ABOUT THIS EXERCISE:
Where a line of the listing below includes the word "along", reproduce that line.

-------

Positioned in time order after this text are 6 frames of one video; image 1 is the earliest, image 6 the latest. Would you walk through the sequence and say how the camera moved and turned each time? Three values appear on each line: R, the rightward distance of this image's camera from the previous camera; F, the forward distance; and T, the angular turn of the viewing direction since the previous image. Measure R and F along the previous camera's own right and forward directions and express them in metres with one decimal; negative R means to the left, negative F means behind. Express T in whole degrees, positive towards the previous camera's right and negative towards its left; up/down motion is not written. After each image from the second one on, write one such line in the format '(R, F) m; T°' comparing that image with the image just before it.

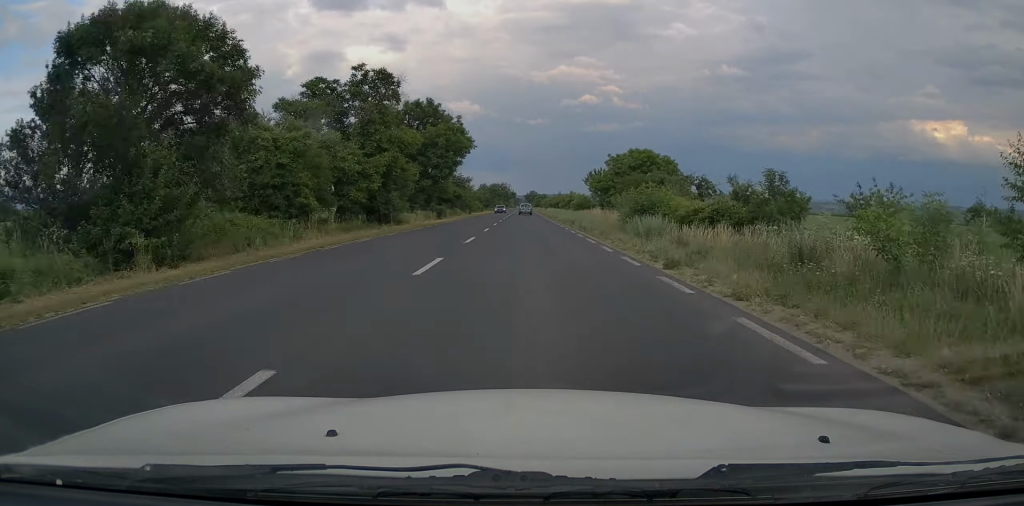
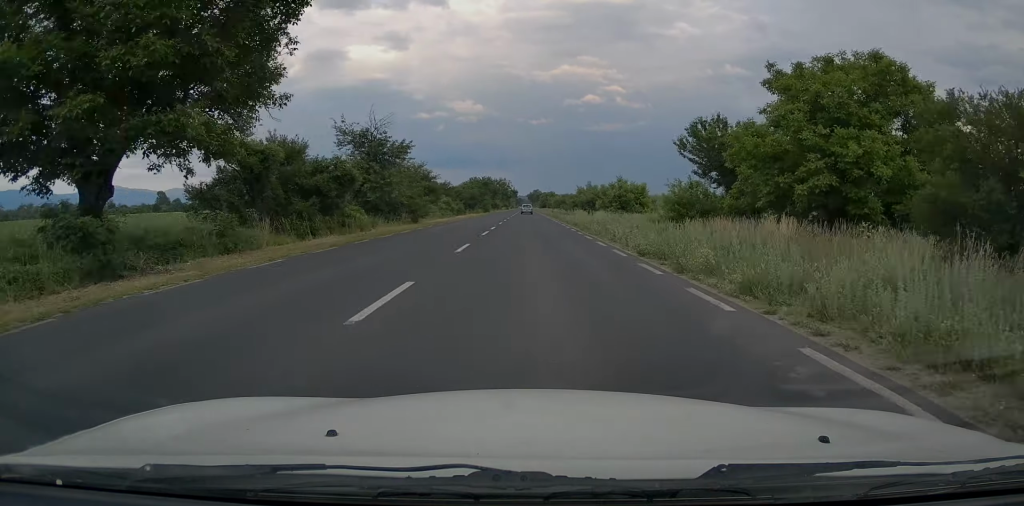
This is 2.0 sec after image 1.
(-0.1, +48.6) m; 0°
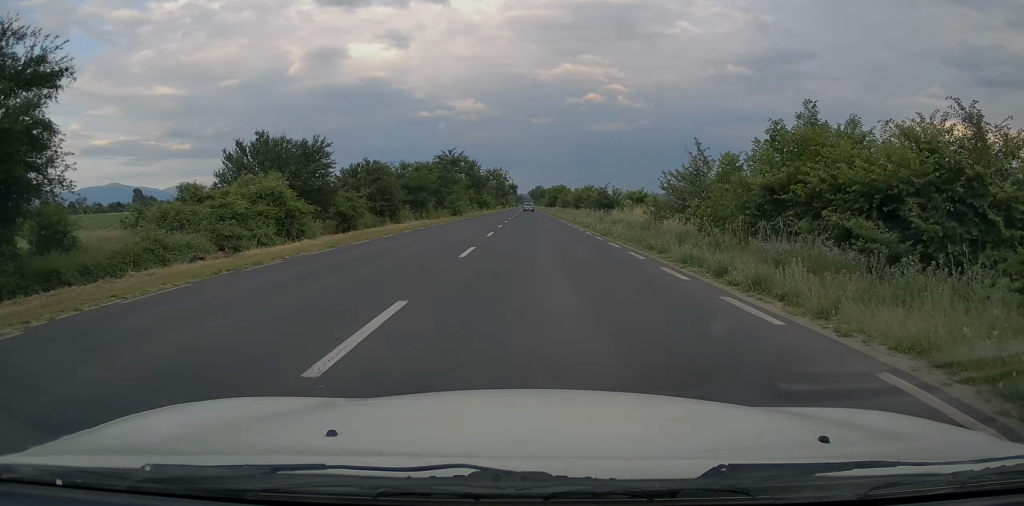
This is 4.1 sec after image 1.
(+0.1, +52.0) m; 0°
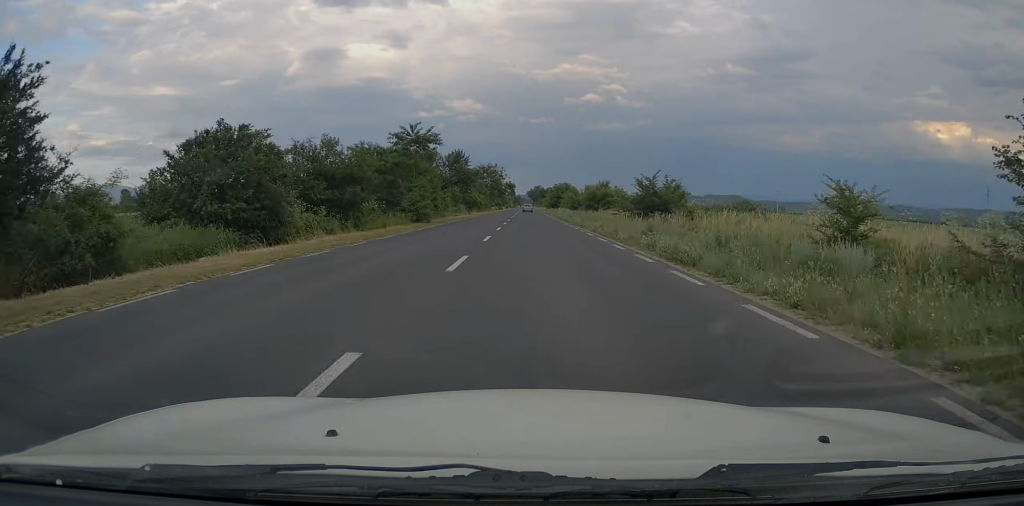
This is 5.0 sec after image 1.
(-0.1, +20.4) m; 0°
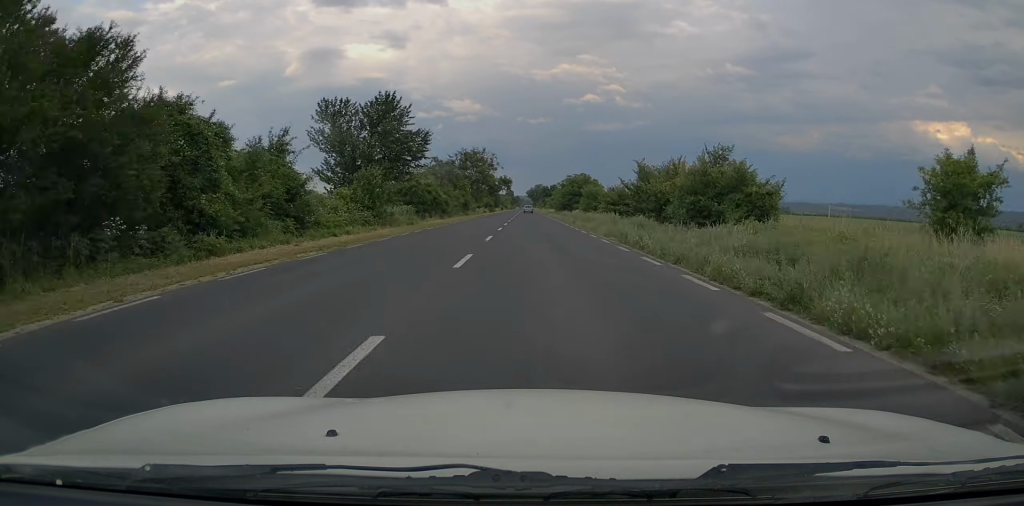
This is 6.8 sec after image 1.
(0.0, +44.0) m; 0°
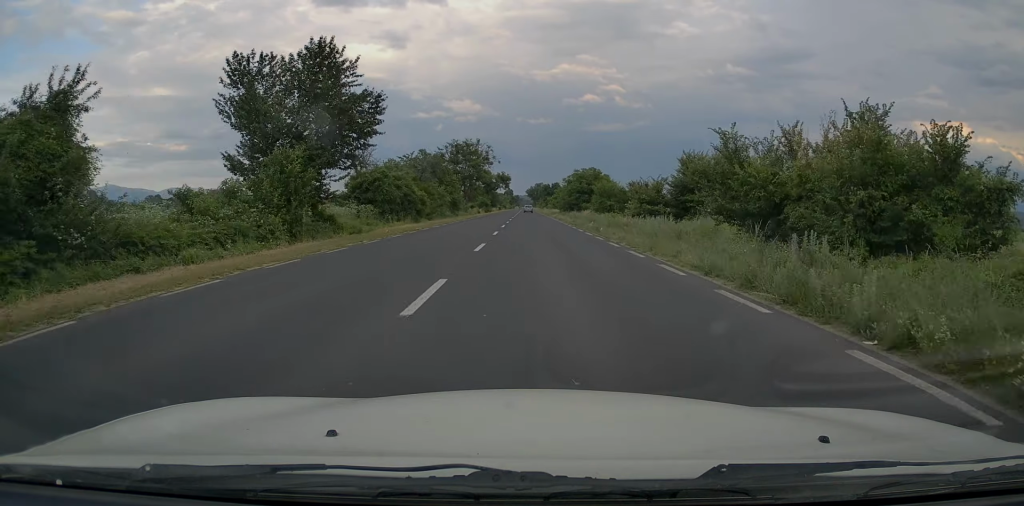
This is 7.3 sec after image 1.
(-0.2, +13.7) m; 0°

-------

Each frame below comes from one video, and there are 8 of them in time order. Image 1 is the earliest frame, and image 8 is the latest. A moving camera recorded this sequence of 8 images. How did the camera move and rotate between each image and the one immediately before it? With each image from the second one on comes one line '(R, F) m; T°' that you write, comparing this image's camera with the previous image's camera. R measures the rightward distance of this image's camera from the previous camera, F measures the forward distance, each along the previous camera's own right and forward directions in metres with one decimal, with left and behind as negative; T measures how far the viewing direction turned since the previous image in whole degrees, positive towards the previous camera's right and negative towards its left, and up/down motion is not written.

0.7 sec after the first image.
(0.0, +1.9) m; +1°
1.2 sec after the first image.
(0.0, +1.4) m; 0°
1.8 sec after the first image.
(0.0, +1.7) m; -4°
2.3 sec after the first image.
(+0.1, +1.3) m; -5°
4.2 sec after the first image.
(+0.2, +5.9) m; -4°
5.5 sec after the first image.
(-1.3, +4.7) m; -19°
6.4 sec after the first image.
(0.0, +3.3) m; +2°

-------

FINISHED TASK:
Positioned in time order after this text are 6 frames of one video; image 1 is the earliest, image 6 the latest. Would you walk through the sequence and say how the camera moved and turned each time? Three values appear on each line: R, the rightward distance of this image's camera from the previous camera; F, the forward distance; and T, the angular turn of the viewing direction since the previous image. Measure R and F along the previous camera's own right and forward directions and express them in metres with one decimal; negative R means to the left, negative F means behind. Express T in whole degrees, positive towards the previous camera's right and negative towards its left; up/down motion is not written. After each image from the second one on, write one such line in the format '(R, F) m; T°' comparing that image with the image just before it.
Each frame below comes from one video, and there are 8 of them in time order. Image 1 is the earliest frame, and image 8 is the latest. A moving camera recorded this sequence of 8 images. How did the camera move and rotate between each image and the one immediately before it? With each image from the second one on comes one line '(R, F) m; T°' that you write, comparing this image's camera with the previous image's camera. R measures the rightward distance of this image's camera from the previous camera, F measures the forward distance, each along the previous camera's own right and forward directions in metres with one decimal, with left and behind as negative; T measures how far the viewing direction turned since the previous image in whole degrees, positive towards the previous camera's right and negative towards its left, and up/down motion is not written.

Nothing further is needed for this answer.